Image by: STRINGER / REUTERS

The U.N. Security Council on Thursday endorsed West African political efforts to end unrest in Mali but stopped short of backing military intervention in the West African state, where al Qaeda-linked militants control significant territory.

Mali's neighbors have been seeking U.N. backing for armed intervention to stabilize the country. In June, the Security Council asked the African Union and West African group ECOWAS to explain more precisely what kind of resolution they want.

Thursday's resolution from the council did not give them the backing they sought, but not did rule it out in the future. I t did, however, express full support for ECOWAS and AU mediation efforts in Mali.

The French-drafted resolution said the council "expresses its readiness to further examine the request of ECOWAS once additional information has been provided regarding the objectives, means and modalities of the envisaged deployment."
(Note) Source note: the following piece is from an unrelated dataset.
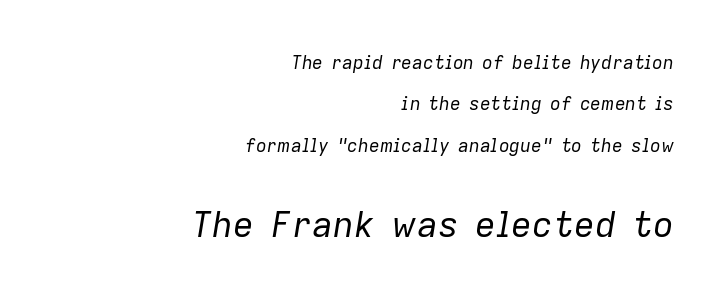
Unmarked baselines from the first word to the last. The glyphs look as if they've been sheared to an angle. Do the characters align in a grid? No, the font is proportional. Does the copy run flush right? Yes — the right margin is perfectly even.

Kadre Desire Ouedraogo, president of Economic Community of West African States (ECOWAS) Commission, told the 15-nation council his group h a s decided to "speed up the deployment of the ECOWAS stand-by force in Mali."

He said that ECOWAS also would press ahead with mediation efforts. If those fail, Ouedraogo said, ECOWAS would eventually help Mali's army "restore territorial integrity of the country."

Once regarded as a good example of African democracy, Mali was plunged into chaos in March after soldiers toppled the president, leaving a power vacuum that enabled Tuareg rebels from the north to seize nearly two thirds of the country.

Al Qaeda-linked Ansar Dine and some allies appropriated that separatist uprising and now control two-thirds of Mali's desert north, which includes the regions of Gao, Kidal and Timbuktu where historic and religious sites have been destroyed in recent days.

ECOWAS, an umbrella group of 15 countries aimed at promoting regional cooperation, has intervened militarily in past African conflicts, such as the wars in Liberia and Sierra Leone.

African officials have said previously that Nigeria, Niger and Senegal have pledged to provide the core of a 3,270-member force whose mission would initially be bolstering Mali's fragmented army and stabilizing political institutions, and then tackling the rebel-held north if talks fail.